Surgical morbidity after LND
Rates of surgical morbidity after LND are shown in Table 2. Lymphatic fistulas occurred in 50.5% and wound infections in 28.6% of cases in overall study collective. Complications like severe bleeding or neurological complications were much rarer (5.7 and 1.9% respectively).
Surgical revision within the first 30 days after LND was necessary in 18.9% of cases. In 6 patients, re-operation was required due to severe bleeding and in 14 cases infectious wound complication including infected lymphoceles was the reason for surgical revision.
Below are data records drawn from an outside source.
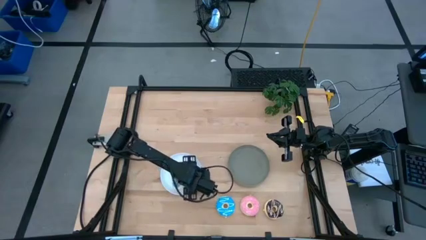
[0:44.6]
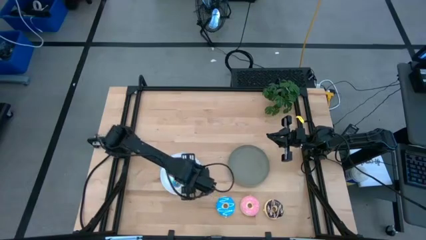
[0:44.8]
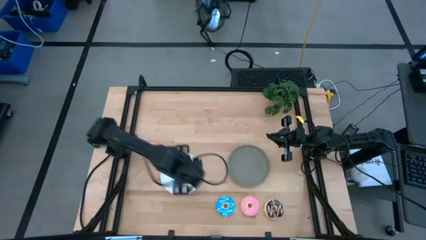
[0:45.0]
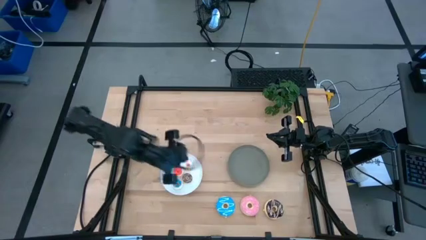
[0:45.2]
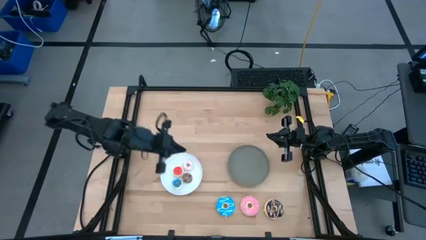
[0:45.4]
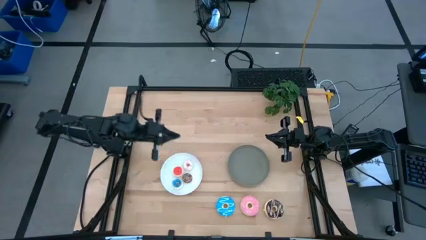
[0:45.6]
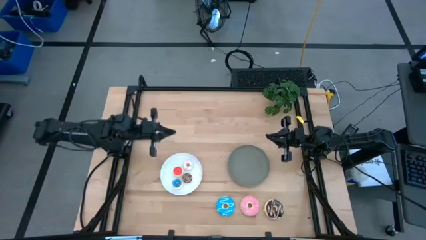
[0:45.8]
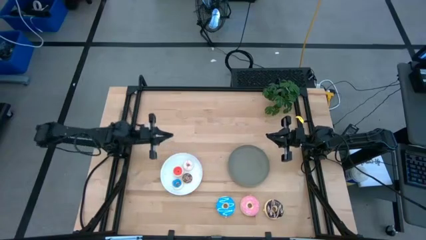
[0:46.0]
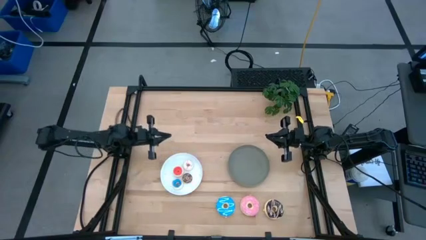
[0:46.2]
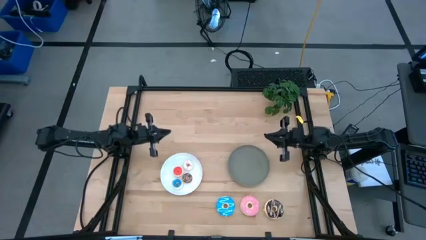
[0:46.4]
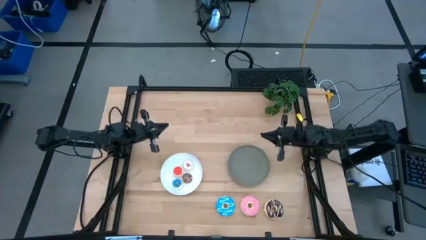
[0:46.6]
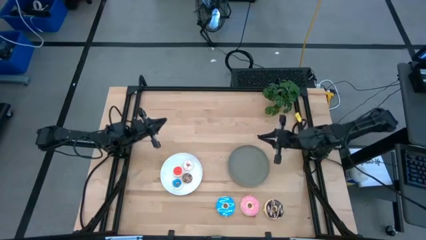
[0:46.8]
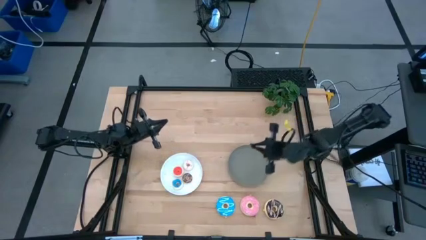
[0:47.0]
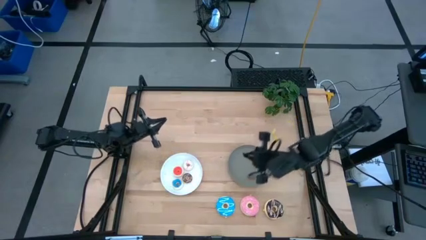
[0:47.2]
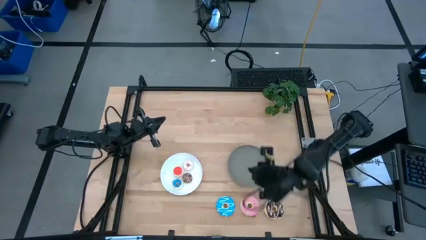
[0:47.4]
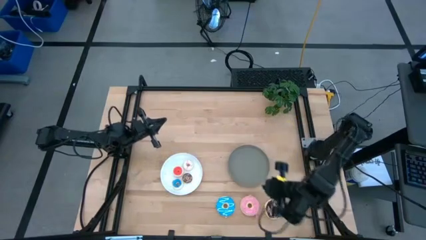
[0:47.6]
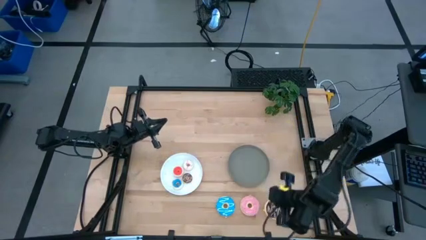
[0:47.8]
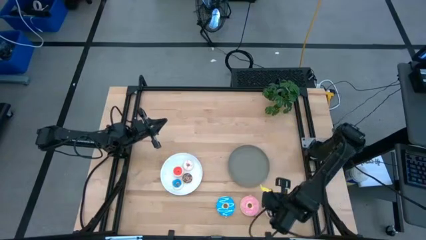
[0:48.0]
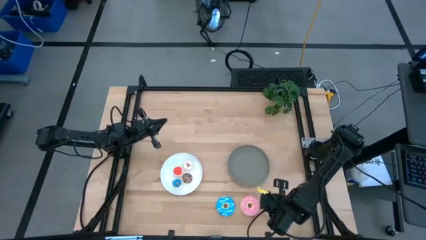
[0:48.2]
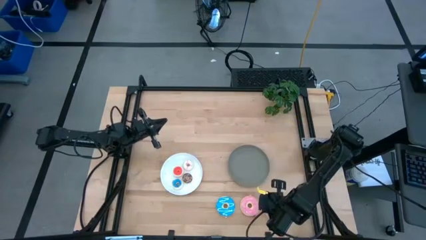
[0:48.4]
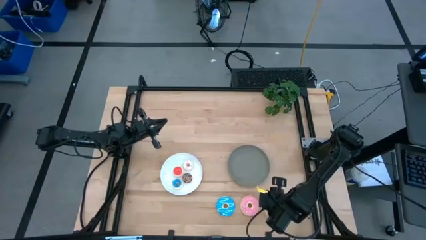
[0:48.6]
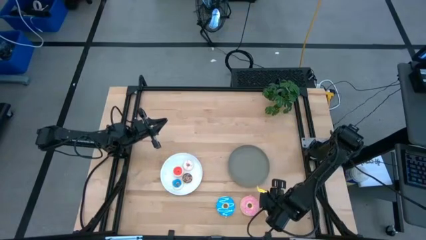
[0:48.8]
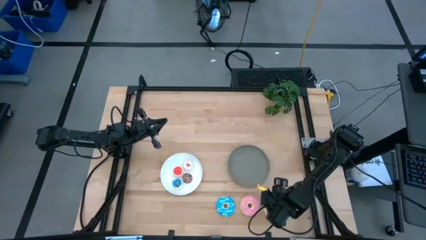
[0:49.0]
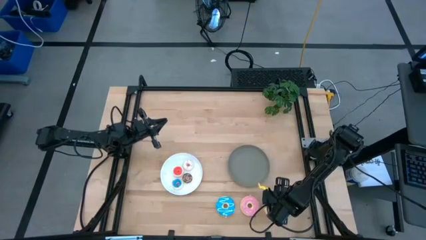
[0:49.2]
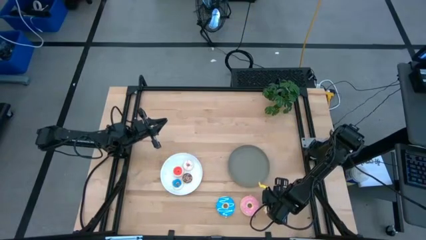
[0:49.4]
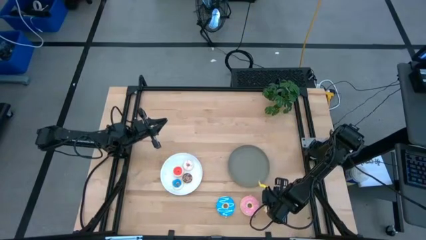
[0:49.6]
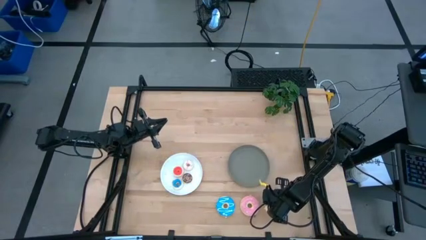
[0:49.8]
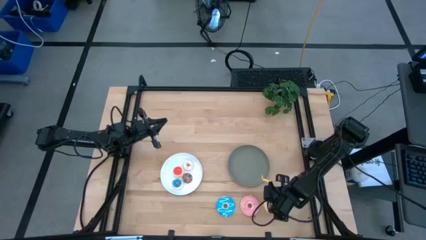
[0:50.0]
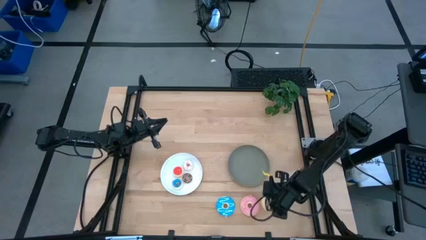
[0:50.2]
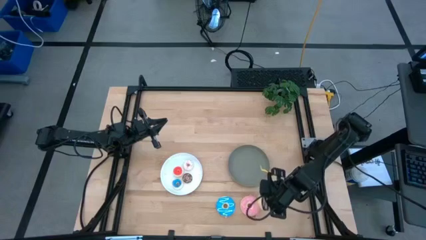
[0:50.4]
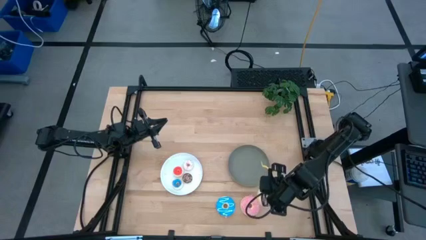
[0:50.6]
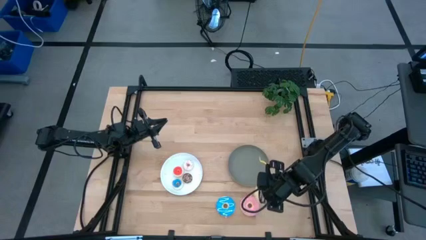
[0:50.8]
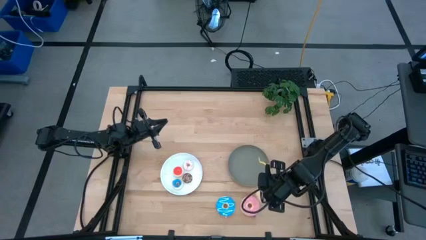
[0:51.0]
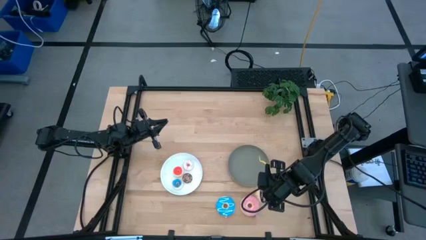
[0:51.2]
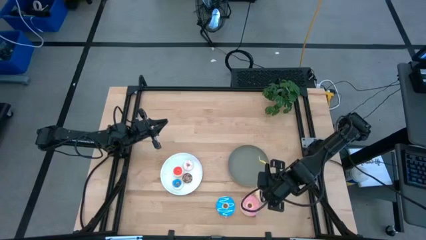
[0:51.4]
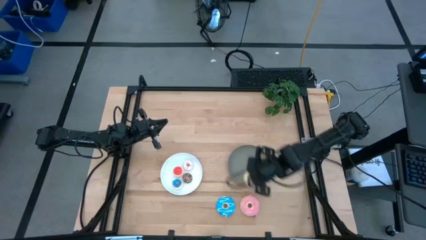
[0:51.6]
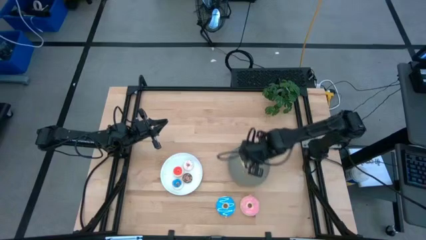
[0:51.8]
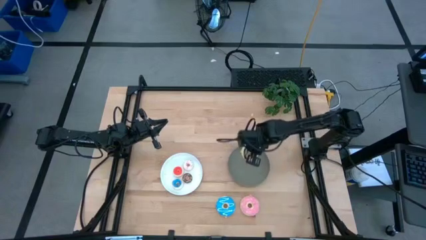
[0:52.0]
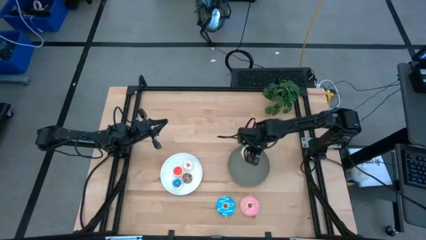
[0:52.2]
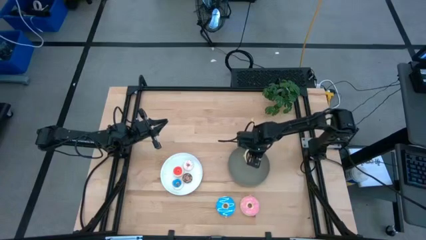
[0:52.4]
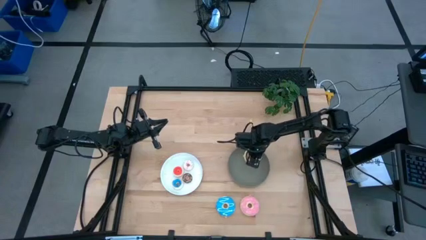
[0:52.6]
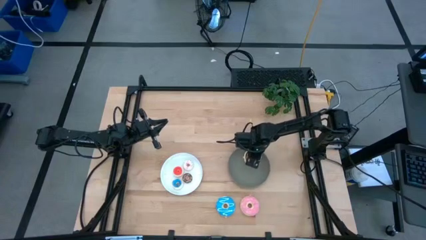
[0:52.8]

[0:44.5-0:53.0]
Task: Pick & Place donuts
Put the large black donut on the gray plate

No statistically significant difference in terms of occurrence of early postoperative complications was observed between the SaphRes and SaphSpar groups. Chronic lymphedema postoperatively represented a frequent complication. Data regarding the occurrence of chronic lymphedema 6 months after LND were obtained from 84 patients (50 patients in the SaphRes group, 34 patients in the SaphSpar group). Overall, 28.6% of these patients either showed lymphedema during physical examination or reported lymphedema-associated discomforts (e.g., swollen leg) during anamnesis. The rate of chronic lymphedema 12 months after LND was slightly lower and added up to 20.9% in the overall study population. Here, data was available in 67 cases (35 patients in the SaphRes group, 32 patients in the SaphSpar group). With regard to chronic lymphedema, there were also no statistically significant differences between the two investigated study groups. After 6 months, the rate of chronic lymphedema was 30.0% in the SaphRes vs. 26.5% in the SaphSpar group (p = 0.7252) and 22.9 vs. 18.9% (p = 0.6796) after 12 months respectively.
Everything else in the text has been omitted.